The turnaround in Uematsu's fortunes mirrors a broad trend of surging Japanese investment in Southeast Asia as China's appeal is undermined by rising wage costs and spiking tensions with its neighbour over territorial disputes.
"China used to be the factory of the world," said Uematsu, a 45-year-old from Japan's mountainous Gifu prefecture who says he gets calls every day from companies interested in the Phnom Penh Special Economic Zone. "We can't say so anymore."
Almost a quarter of Japanese manufacturers are re-thinking their China investment plans, according to a Reuters Corporate Survey carried out after the recent tensions between the nations over disputed islands.
Japan's tsunami disaster and flooding in Thailand last year provided another sharp reminder of the need to diversify operations to avoid another rupture in global supply chains.
Japan's net foreign direct investment (FDI) into the 10-country Association of Southeast Asian Nations (ASEAN) more than doubled last year to a record 1.55 trillion yen ($19.5 billion), data from Japan's Finance Ministry shows. Japan's net FDI into China is still rising, jumping 60 percent in 2011 to a record 1 trillion yen.

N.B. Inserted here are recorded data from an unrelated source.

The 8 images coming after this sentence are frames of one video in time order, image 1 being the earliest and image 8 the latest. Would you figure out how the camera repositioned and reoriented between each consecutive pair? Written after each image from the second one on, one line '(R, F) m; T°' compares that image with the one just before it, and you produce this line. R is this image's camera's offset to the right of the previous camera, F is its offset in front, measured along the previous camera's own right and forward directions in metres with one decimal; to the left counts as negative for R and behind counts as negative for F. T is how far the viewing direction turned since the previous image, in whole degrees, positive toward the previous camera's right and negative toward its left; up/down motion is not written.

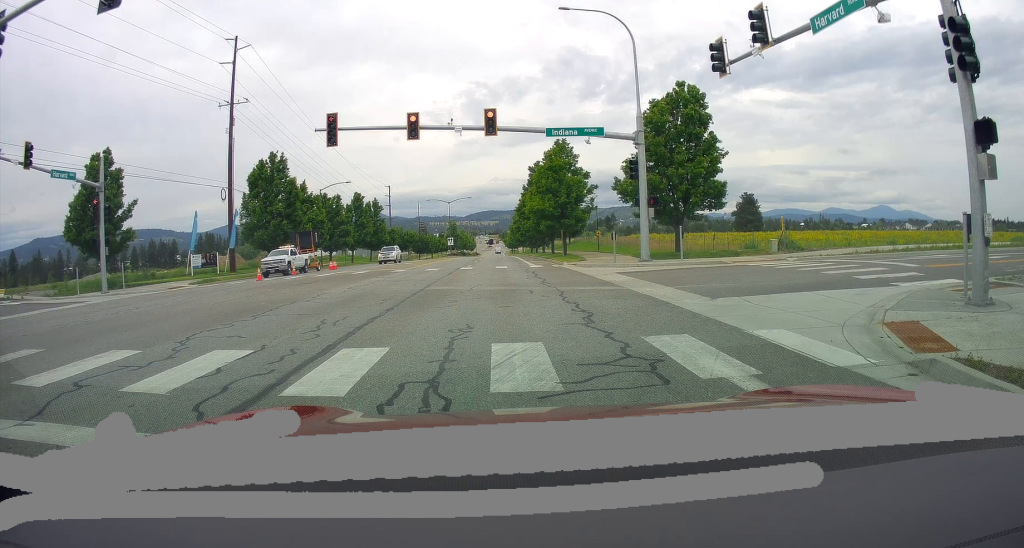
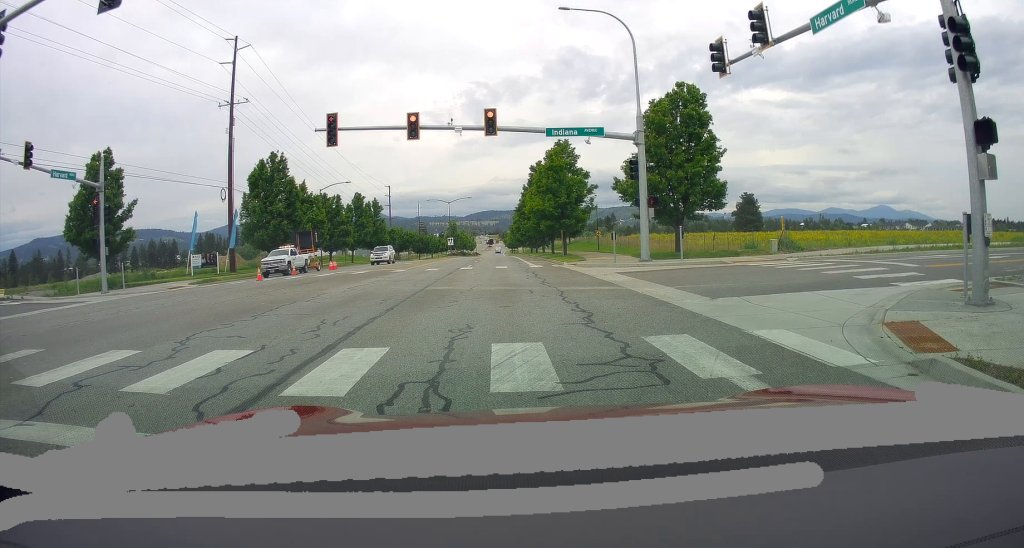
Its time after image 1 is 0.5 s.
(0.0, 0.0) m; 0°
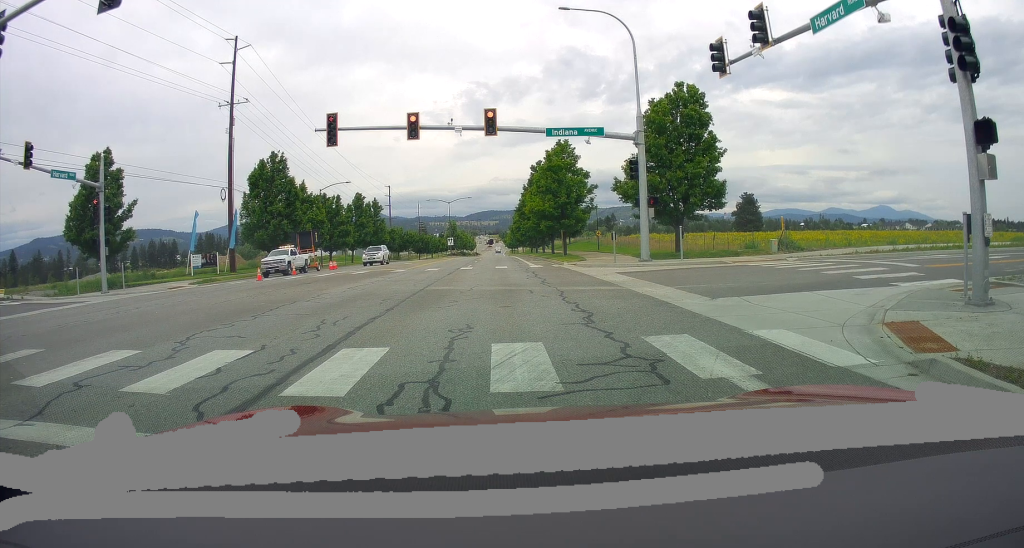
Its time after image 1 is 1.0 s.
(0.0, 0.0) m; 0°
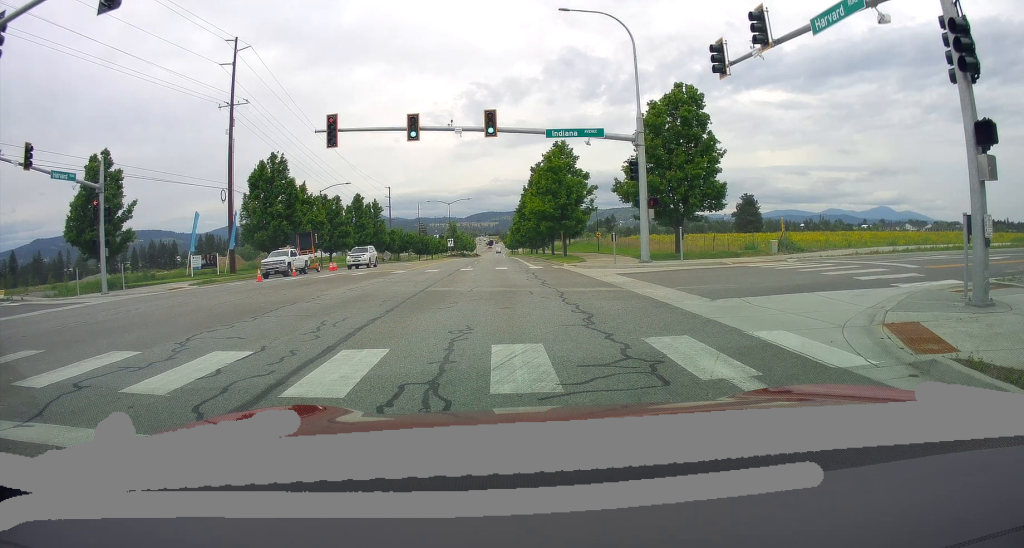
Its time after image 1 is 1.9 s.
(0.0, +0.3) m; 0°
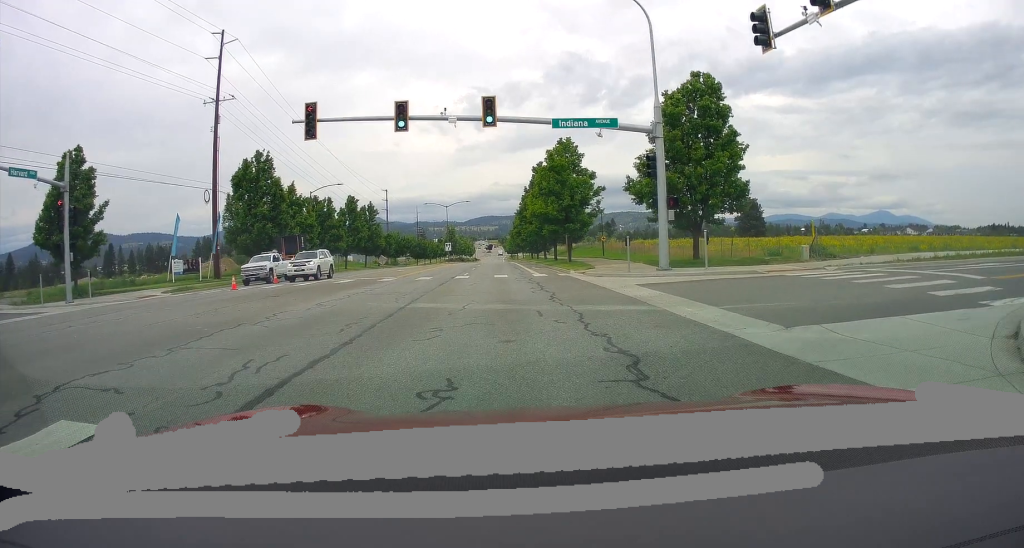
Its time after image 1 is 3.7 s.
(0.0, +0.6) m; 0°
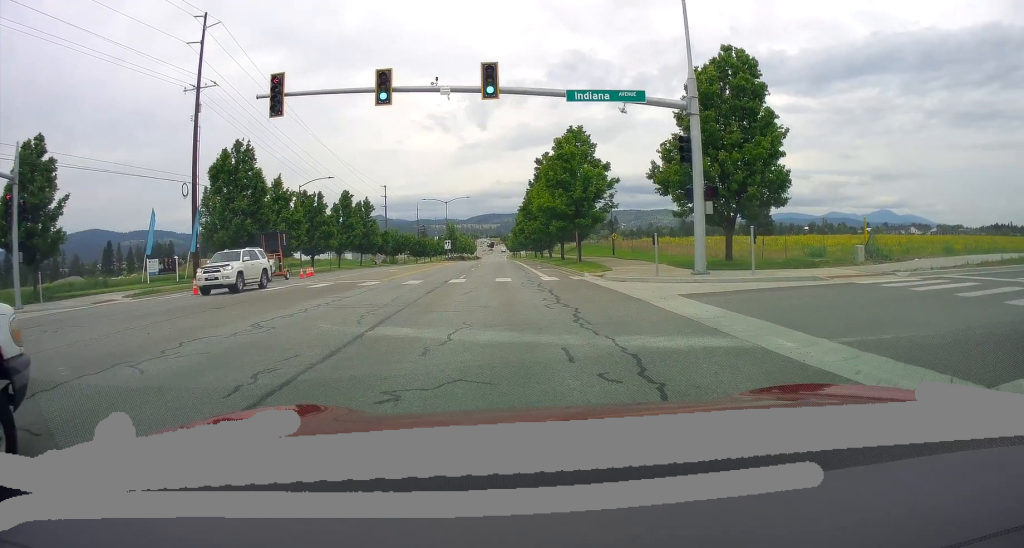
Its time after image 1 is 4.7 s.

But Japanese firms, encouraged to expand abroad by a strong yen, are increasingly using Southeast Asia as an alternative manufacturing base to balance their China risks. Japanese government and business leaders have also been among the fastest to tap the potential of Myanmar's dramatic opening, pouring in billions of dollars in infrastructure spending, debt forgiveness and refinancing.
NOT JUST CHEAP
It's not just about cheap wages. The region of 600 million people also offers a growing source of demand for Japanese cars, electronics and services as robust growth expands the middle class. Malaysia and the Philippines, where wages are higher than Vietnam or Cambodia, have also seen rising Japanese interest.
Infrastructure investment in railways and roads is booming and ASEAN is working towards establishing a European Union style single market by the end of 2015, making it easier for multinationals to link up their cross-border operations. The region's economies have been resilient this year to weak growth in the United States, Europe and China.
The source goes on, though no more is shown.